#### [Data extracted from a collection]
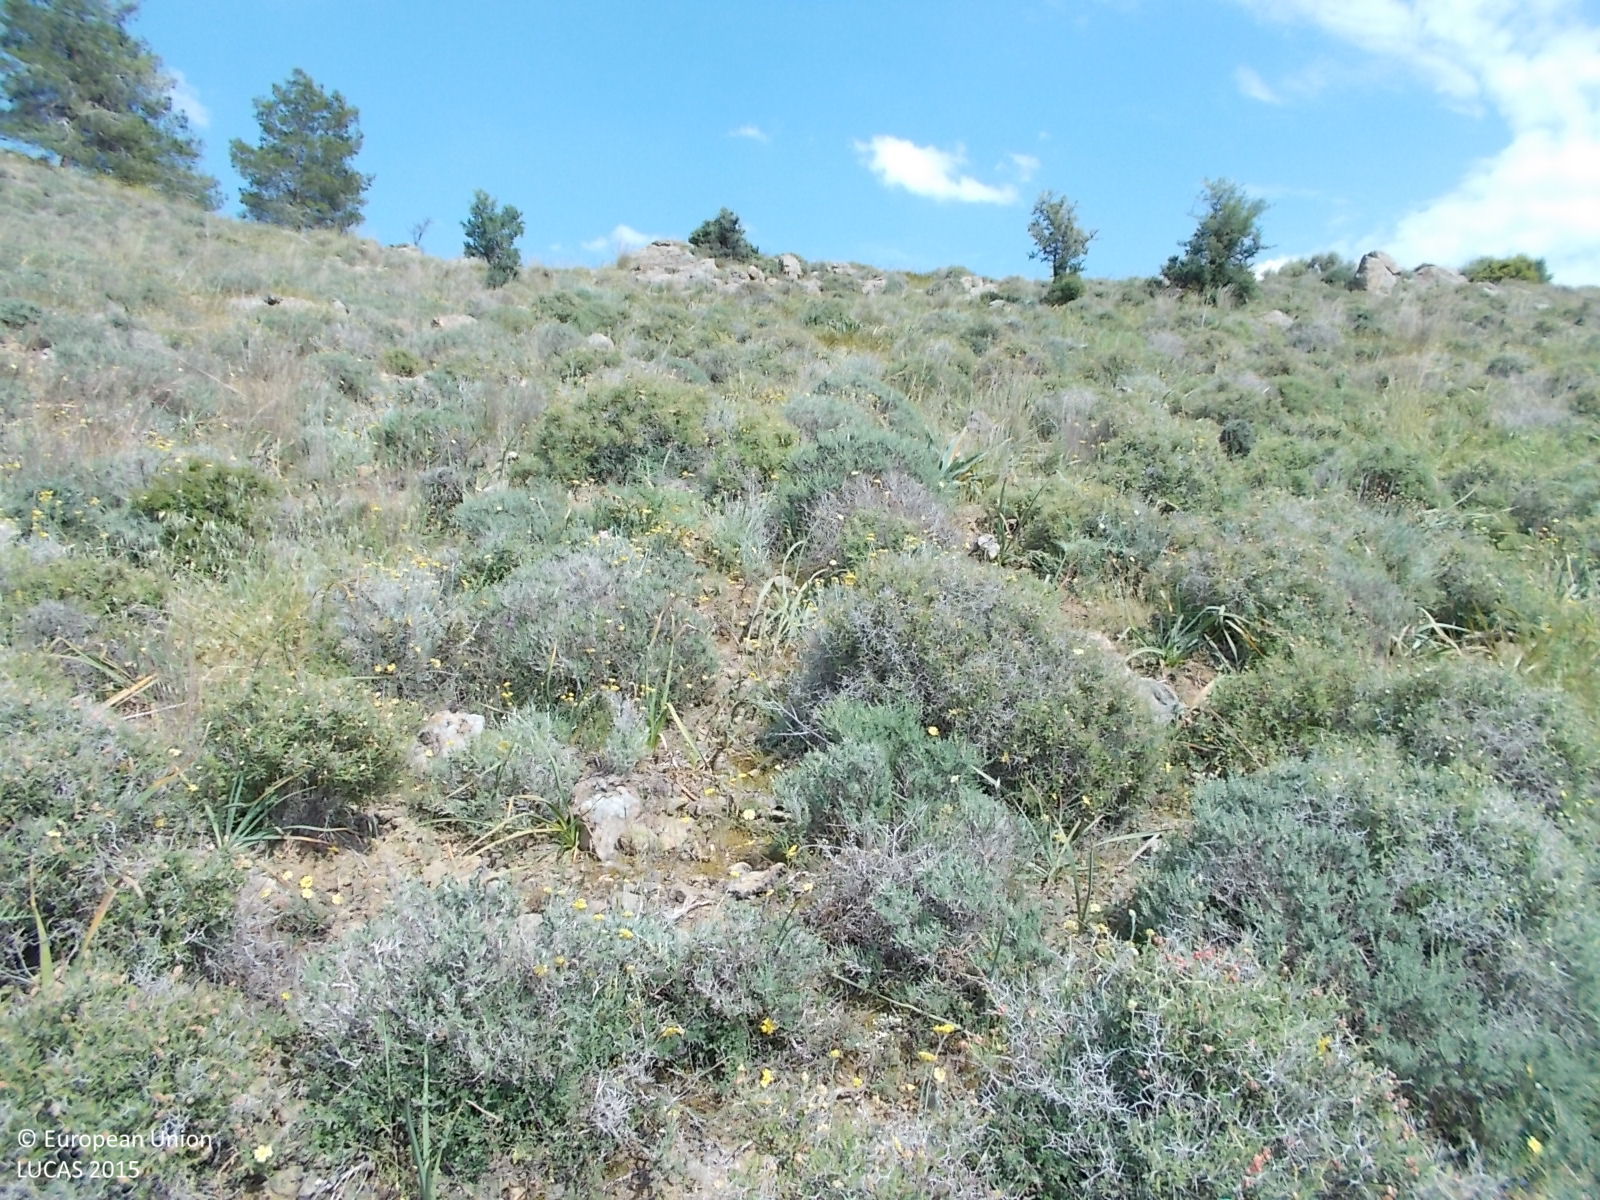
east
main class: Shrubland
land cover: Shrubland without tree cover
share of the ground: > 75 %
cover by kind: shrubs 75 %, herbaceous plants 15 %, unconsolidated bare surface 10 %
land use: Semi-natural and natural areas not in use
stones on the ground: 25 - 50 %
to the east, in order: Shrubland without tree cover; Shrubland with sparse tree cover; Tracks; Shrubland without tree cover; Artificial constructions in urban areas; Grassland without tree/shrub cover; Single bushes/trees; Grassland without tree/shrub cover; Tracks; Grassland without tree/shrub cover; Rivers and streams; Abandoned hedges; Spontaneously vegetated surfaces
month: April
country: CY
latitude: 34.9562
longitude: 33.4616
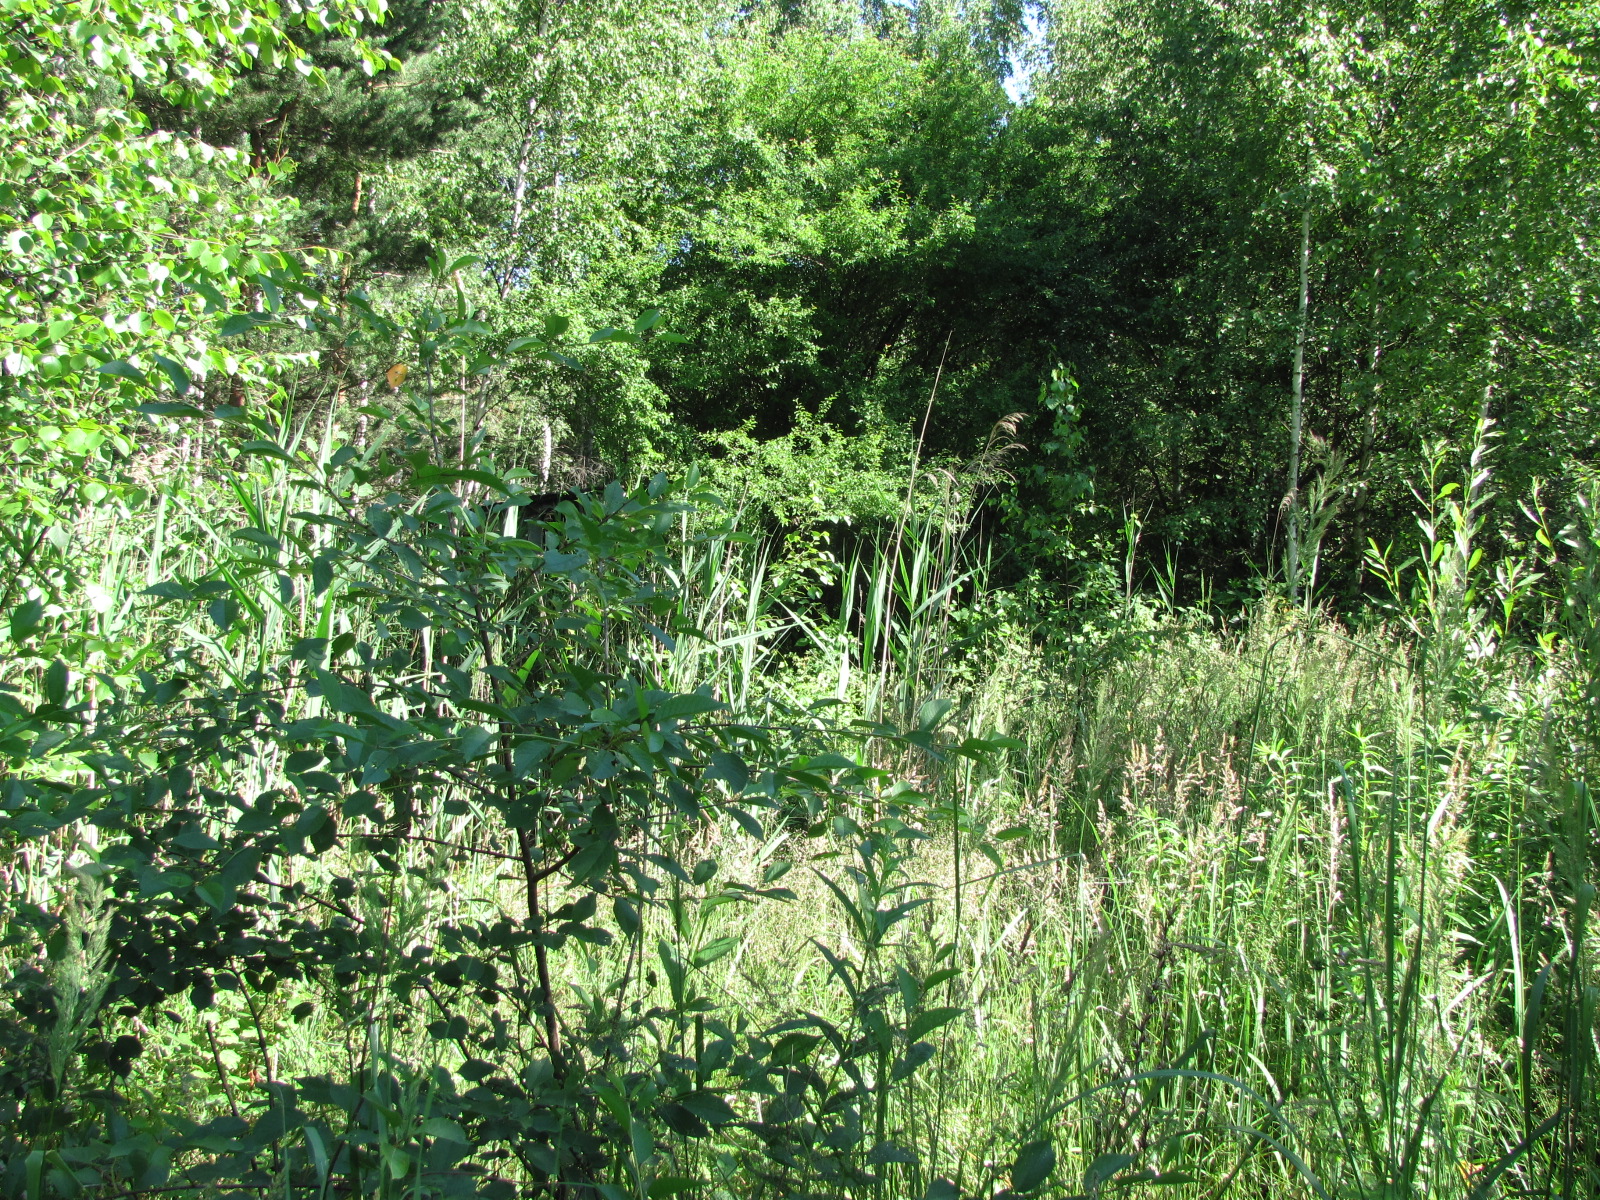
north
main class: Woodland
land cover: Broadleaved woodland
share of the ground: 25 - 50 %
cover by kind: herbaceous plants 55 %, broadleaved forest trees 45 %
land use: Abandoned areas
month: July
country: LV
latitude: 56.8622
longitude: 24.1431
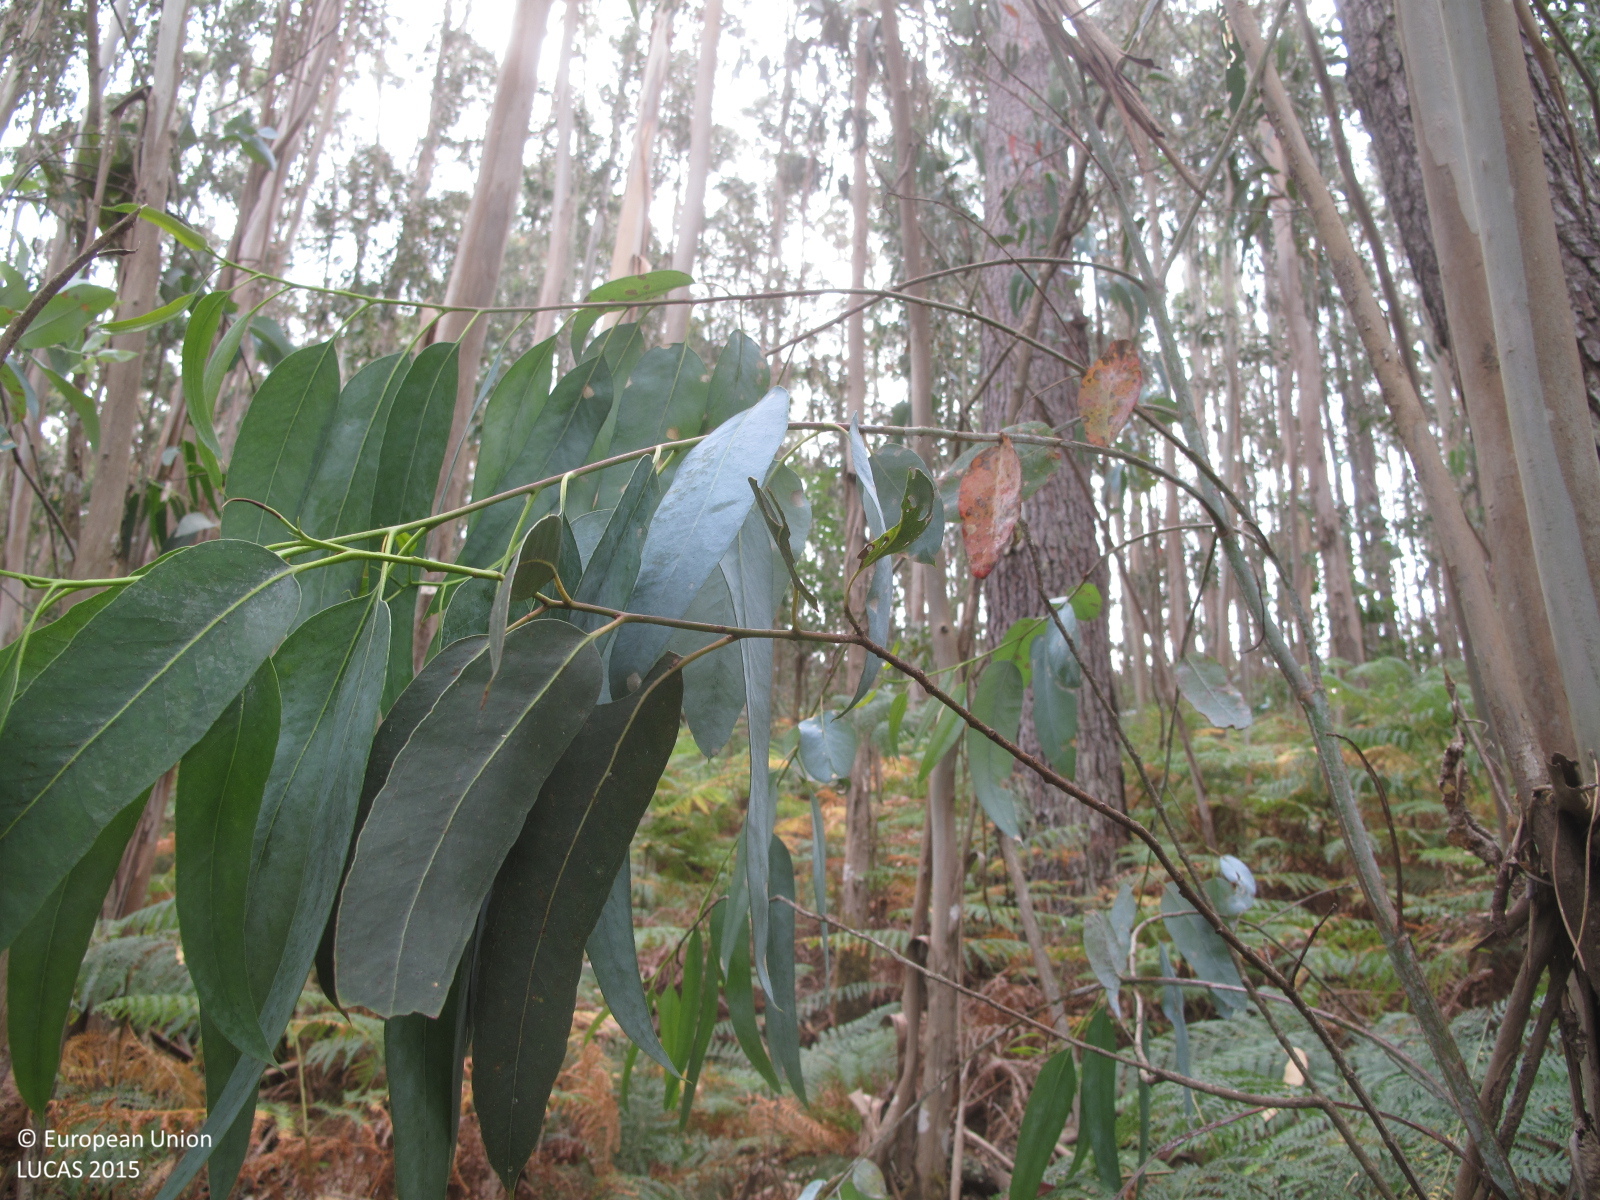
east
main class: Woodland
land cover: Other mixed woodland
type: exotic forest
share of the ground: 50 - 75 %
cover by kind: broadleaved forest trees 40 %, herbaceous plants 30 %, coniferous forest trees 20 %, shrubs 10 %
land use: Forestry
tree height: > 5 m
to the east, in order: Other mixed woodland; Tracks; Other mixed woodland; Broadleaved woodland
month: July
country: ES
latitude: 43.2946
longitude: -8.6135
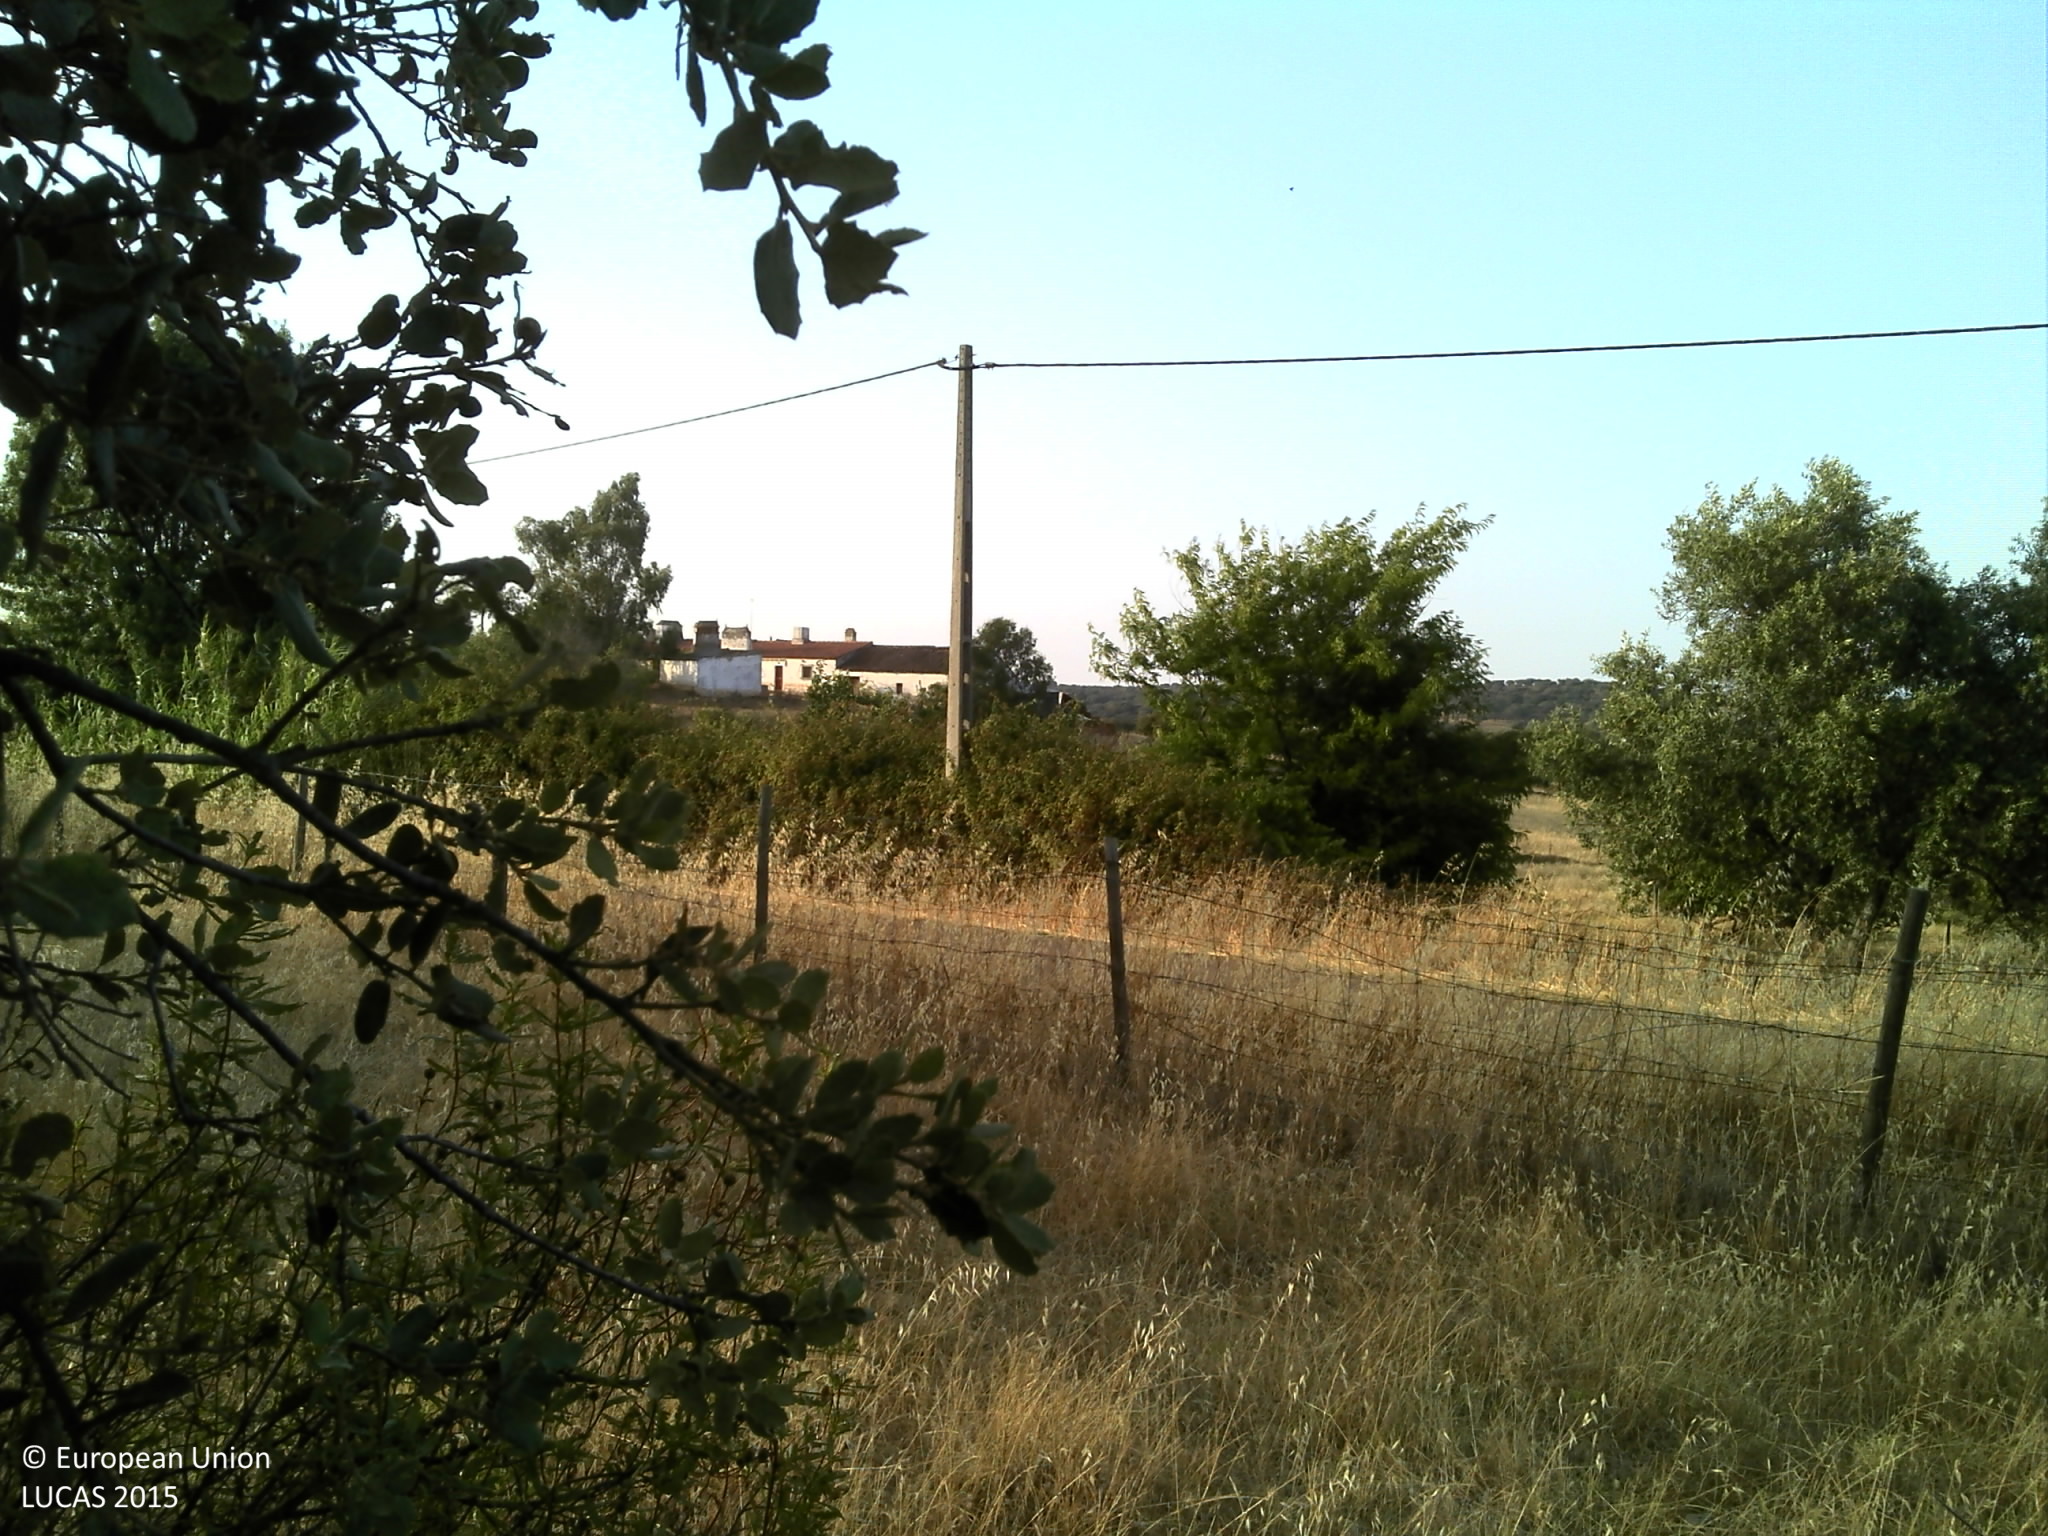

#### [WHAT THIS TASK INVOLVES]
Lines holding the word "cover" are the answer; copy every one from the records above.

#### [FINISHED TASK]
land cover: Shrubland without tree cover
cover by kind: shrubs 75 %, herbaceous plants 15 %, unconsolidated bare surface 10 %
to the east, in order: Shrubland without tree cover; Shrubland with sparse tree cover; Tracks; Shrubland without tree cover; Artificial constructions in urban areas; Grassland without tree/shrub cover; Single bushes/trees; Grassland without tree/shrub cover; Tracks; Grassland without tree/shrub cover; Rivers and streams; Abandoned hedges; Spontaneously vegetated surfaces
land cover: Broadleaved woodland
cover by kind: herbaceous plants 55 %, broadleaved forest trees 45 %
land cover: Other mixed woodland
cover by kind: broadleaved forest trees 40 %, herbaceous plants 30 %, coniferous forest trees 20 %, shrubs 10 %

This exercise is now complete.